### Action item
Here are the records. Write out exactly the lines between the one holding "#170=CARTESIAN_POINT('Vertex',(0.,2.935,4.079)) ;" and the one holding "#198=ORIENTED_EDGE('',*,*,#73,.T.) ;", inclusive.

Dataset items:

* * *

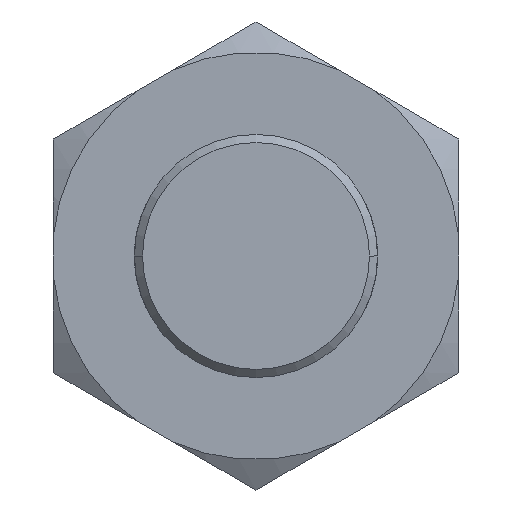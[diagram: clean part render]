
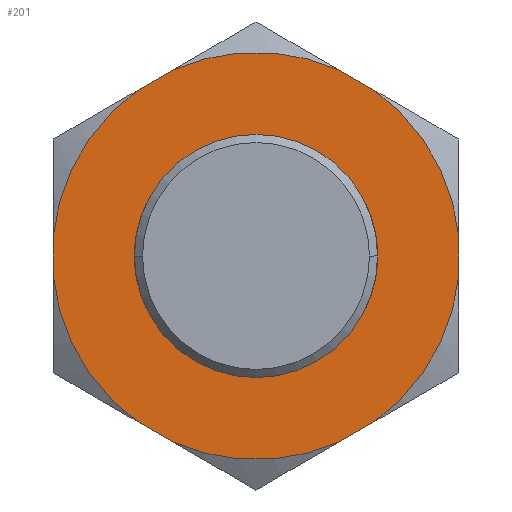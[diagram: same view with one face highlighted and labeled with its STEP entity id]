
A CAD part, left-side view. The second image highlights one B-rep face of the part: STEP entity #201.
In plain terms, the highlighted planar face has unit normal (-1, 0, 0).
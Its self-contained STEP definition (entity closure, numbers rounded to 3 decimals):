
#71=AXIS2_PLACEMENT_3D('Circle Axis2P3D',#69,#70,$) ;
#92=AXIS2_PLACEMENT_3D('Plane Axis2P3D',#89,#90,#91) ;
#105=AXIS2_PLACEMENT_3D('Circle Axis2P3D',#103,#104,$) ;
#119=AXIS2_PLACEMENT_3D('Circle Axis2P3D',#117,#118,$) ;
#133=AXIS2_PLACEMENT_3D('Circle Axis2P3D',#131,#132,$) ;
#147=AXIS2_PLACEMENT_3D('Circle Axis2P3D',#145,#146,$) ;
#161=AXIS2_PLACEMENT_3D('Circle Axis2P3D',#159,#160,$) ;
#175=AXIS2_PLACEMENT_3D('Circle Axis2P3D',#173,#174,$) ;
#194=AXIS2_PLACEMENT_3D('Circle Axis2P3D',#192,#193,$) ;
#50=CARTESIAN_POINT('Vertex',(0.,-2.459,0.)) ;
#66=CARTESIAN_POINT('Vertex',(0.,2.459,0.)) ;
#69=CARTESIAN_POINT('Axis2P3D Location',(0.,0.,0.)) ;
#89=CARTESIAN_POINT('Axis2P3D Location',(0.,0.,0.)) ;
#94=CARTESIAN_POINT('Line Origine',(0.,5.,0.)) ;
#98=CARTESIAN_POINT('Vertex',(0.,5.,-0.502)) ;
#100=CARTESIAN_POINT('Vertex',(0.,5.,0.502)) ;
#103=CARTESIAN_POINT('Axis2P3D Location',(0.,0.,0.)) ;
#107=CARTESIAN_POINT('Vertex',(0.,2.935,-4.079)) ;
#110=CARTESIAN_POINT('Line Origine',(0.,2.5,-4.33)) ;
#114=CARTESIAN_POINT('Vertex',(0.,2.065,-4.581)) ;
#117=CARTESIAN_POINT('Axis2P3D Location',(0.,0.,0.)) ;
#121=CARTESIAN_POINT('Vertex',(0.,-2.065,-4.581)) ;
#124=CARTESIAN_POINT('Line Origine',(0.,-2.5,-4.33)) ;
#128=CARTESIAN_POINT('Vertex',(0.,-2.935,-4.079)) ;
#131=CARTESIAN_POINT('Axis2P3D Location',(0.,0.,0.)) ;
#135=CARTESIAN_POINT('Vertex',(0.,-5.,-0.502)) ;
#138=CARTESIAN_POINT('Line Origine',(0.,-5.,0.)) ;
#142=CARTESIAN_POINT('Vertex',(0.,-5.,0.502)) ;
#145=CARTESIAN_POINT('Axis2P3D Location',(0.,0.,0.)) ;
#149=CARTESIAN_POINT('Vertex',(0.,-2.935,4.079)) ;
#152=CARTESIAN_POINT('Line Origine',(0.,-2.5,4.33)) ;
#156=CARTESIAN_POINT('Vertex',(0.,-2.065,4.581)) ;
#159=CARTESIAN_POINT('Axis2P3D Location',(0.,0.,0.)) ;
#163=CARTESIAN_POINT('Vertex',(0.,2.065,4.581)) ;
#166=CARTESIAN_POINT('Line Origine',(0.,2.5,4.33)) ;
#170=CARTESIAN_POINT('Vertex',(0.,2.935,4.079)) ;
#173=CARTESIAN_POINT('Axis2P3D Location',(0.,0.,0.)) ;
#192=CARTESIAN_POINT('Axis2P3D Location',(0.,0.,0.)) ;
#70=DIRECTION('Axis2P3D Direction',(1.,0.,0.)) ;
#90=DIRECTION('Axis2P3D Direction',(1.,0.,0.)) ;
#91=DIRECTION('Axis2P3D XDirection',(0.,1.,0.)) ;
#95=DIRECTION('Vector Direction',(0.,0.,1.)) ;
#104=DIRECTION('Axis2P3D Direction',(1.,0.,0.)) ;
#111=DIRECTION('Vector Direction',(0.,0.866,0.5)) ;
#118=DIRECTION('Axis2P3D Direction',(1.,0.,0.)) ;
#125=DIRECTION('Vector Direction',(0.,0.866,-0.5)) ;
#132=DIRECTION('Axis2P3D Direction',(1.,0.,0.)) ;
#139=DIRECTION('Vector Direction',(0.,0.,-1.)) ;
#146=DIRECTION('Axis2P3D Direction',(1.,0.,0.)) ;
#153=DIRECTION('Vector Direction',(0.,-0.866,-0.5)) ;
#160=DIRECTION('Axis2P3D Direction',(1.,0.,0.)) ;
#167=DIRECTION('Vector Direction',(0.,-0.866,0.5)) ;
#174=DIRECTION('Axis2P3D Direction',(1.,0.,0.)) ;
#193=DIRECTION('Axis2P3D Direction',(1.,0.,0.)) ;
#96=VECTOR('Line Direction',#95,1.) ;
#112=VECTOR('Line Direction',#111,1.) ;
#126=VECTOR('Line Direction',#125,1.) ;
#140=VECTOR('Line Direction',#139,1.) ;
#154=VECTOR('Line Direction',#153,1.) ;
#168=VECTOR('Line Direction',#167,1.) ;
#179=ORIENTED_EDGE('',*,*,#102,.F.) ;
#180=ORIENTED_EDGE('',*,*,#109,.T.) ;
#181=ORIENTED_EDGE('',*,*,#116,.F.) ;
#182=ORIENTED_EDGE('',*,*,#123,.T.) ;
#183=ORIENTED_EDGE('',*,*,#130,.F.) ;
#184=ORIENTED_EDGE('',*,*,#137,.T.) ;
#185=ORIENTED_EDGE('',*,*,#144,.F.) ;
#186=ORIENTED_EDGE('',*,*,#151,.T.) ;
#187=ORIENTED_EDGE('',*,*,#158,.F.) ;
#188=ORIENTED_EDGE('',*,*,#165,.T.) ;
#189=ORIENTED_EDGE('',*,*,#172,.F.) ;
#190=ORIENTED_EDGE('',*,*,#177,.T.) ;
#198=ORIENTED_EDGE('',*,*,#73,.T.) ;
#199=ORIENTED_EDGE('',*,*,#196,.T.) ;
#200=FACE_BOUND('',#197,.T.) ;
#201=ADVANCED_FACE('PartBody',(#191,#200),#93,.F.) ;
#72=CIRCLE('generated circle',#71,2.459) ;
#106=CIRCLE('generated circle',#105,5.025) ;
#120=CIRCLE('generated circle',#119,5.025) ;
#134=CIRCLE('generated circle',#133,5.025) ;
#148=CIRCLE('generated circle',#147,5.025) ;
#162=CIRCLE('generated circle',#161,5.025) ;
#176=CIRCLE('generated circle',#175,5.025) ;
#195=CIRCLE('generated circle',#194,2.459) ;
#73=EDGE_CURVE('',#51,#67,#72,.T.) ;
#102=EDGE_CURVE('',#99,#101,#97,.T.) ;
#109=EDGE_CURVE('',#99,#108,#106,.F.) ;
#116=EDGE_CURVE('',#115,#108,#113,.T.) ;
#123=EDGE_CURVE('',#115,#122,#120,.F.) ;
#130=EDGE_CURVE('',#129,#122,#127,.T.) ;
#137=EDGE_CURVE('',#129,#136,#134,.F.) ;
#144=EDGE_CURVE('',#143,#136,#141,.T.) ;
#151=EDGE_CURVE('',#143,#150,#148,.F.) ;
#158=EDGE_CURVE('',#157,#150,#155,.T.) ;
#165=EDGE_CURVE('',#157,#164,#162,.F.) ;
#172=EDGE_CURVE('',#171,#164,#169,.T.) ;
#177=EDGE_CURVE('',#171,#101,#176,.F.) ;
#196=EDGE_CURVE('',#67,#51,#195,.T.) ;
#178=EDGE_LOOP('',(#179,#180,#181,#182,#183,#184,#185,#186,#187,#188,#189,#190)) ;
#197=EDGE_LOOP('',(#198,#199)) ;
#191=FACE_OUTER_BOUND('',#178,.T.) ;
#97=LINE('Line',#94,#96) ;
#113=LINE('Line',#110,#112) ;
#127=LINE('Line',#124,#126) ;
#141=LINE('Line',#138,#140) ;
#155=LINE('Line',#152,#154) ;
#169=LINE('Line',#166,#168) ;
#93=PLANE('',#92) ;
#51=VERTEX_POINT('',#50) ;
#67=VERTEX_POINT('',#66) ;
#99=VERTEX_POINT('',#98) ;
#101=VERTEX_POINT('',#100) ;
#108=VERTEX_POINT('',#107) ;
#115=VERTEX_POINT('',#114) ;
#122=VERTEX_POINT('',#121) ;
#129=VERTEX_POINT('',#128) ;
#136=VERTEX_POINT('',#135) ;
#143=VERTEX_POINT('',#142) ;
#150=VERTEX_POINT('',#149) ;
#157=VERTEX_POINT('',#156) ;
#164=VERTEX_POINT('',#163) ;
#171=VERTEX_POINT('',#170) ;

* * *

### Exercise solution
#170=CARTESIAN_POINT('Vertex',(0.,2.935,4.079)) ;
#173=CARTESIAN_POINT('Axis2P3D Location',(0.,0.,0.)) ;
#192=CARTESIAN_POINT('Axis2P3D Location',(0.,0.,0.)) ;
#70=DIRECTION('Axis2P3D Direction',(1.,0.,0.)) ;
#90=DIRECTION('Axis2P3D Direction',(1.,0.,0.)) ;
#91=DIRECTION('Axis2P3D XDirection',(0.,1.,0.)) ;
#95=DIRECTION('Vector Direction',(0.,0.,1.)) ;
#104=DIRECTION('Axis2P3D Direction',(1.,0.,0.)) ;
#111=DIRECTION('Vector Direction',(0.,0.866,0.5)) ;
#118=DIRECTION('Axis2P3D Direction',(1.,0.,0.)) ;
#125=DIRECTION('Vector Direction',(0.,0.866,-0.5)) ;
#132=DIRECTION('Axis2P3D Direction',(1.,0.,0.)) ;
#139=DIRECTION('Vector Direction',(0.,0.,-1.)) ;
#146=DIRECTION('Axis2P3D Direction',(1.,0.,0.)) ;
#153=DIRECTION('Vector Direction',(0.,-0.866,-0.5)) ;
#160=DIRECTION('Axis2P3D Direction',(1.,0.,0.)) ;
#167=DIRECTION('Vector Direction',(0.,-0.866,0.5)) ;
#174=DIRECTION('Axis2P3D Direction',(1.,0.,0.)) ;
#193=DIRECTION('Axis2P3D Direction',(1.,0.,0.)) ;
#96=VECTOR('Line Direction',#95,1.) ;
#112=VECTOR('Line Direction',#111,1.) ;
#126=VECTOR('Line Direction',#125,1.) ;
#140=VECTOR('Line Direction',#139,1.) ;
#154=VECTOR('Line Direction',#153,1.) ;
#168=VECTOR('Line Direction',#167,1.) ;
#179=ORIENTED_EDGE('',*,*,#102,.F.) ;
#180=ORIENTED_EDGE('',*,*,#109,.T.) ;
#181=ORIENTED_EDGE('',*,*,#116,.F.) ;
#182=ORIENTED_EDGE('',*,*,#123,.T.) ;
#183=ORIENTED_EDGE('',*,*,#130,.F.) ;
#184=ORIENTED_EDGE('',*,*,#137,.T.) ;
#185=ORIENTED_EDGE('',*,*,#144,.F.) ;
#186=ORIENTED_EDGE('',*,*,#151,.T.) ;
#187=ORIENTED_EDGE('',*,*,#158,.F.) ;
#188=ORIENTED_EDGE('',*,*,#165,.T.) ;
#189=ORIENTED_EDGE('',*,*,#172,.F.) ;
#190=ORIENTED_EDGE('',*,*,#177,.T.) ;
#198=ORIENTED_EDGE('',*,*,#73,.T.) ;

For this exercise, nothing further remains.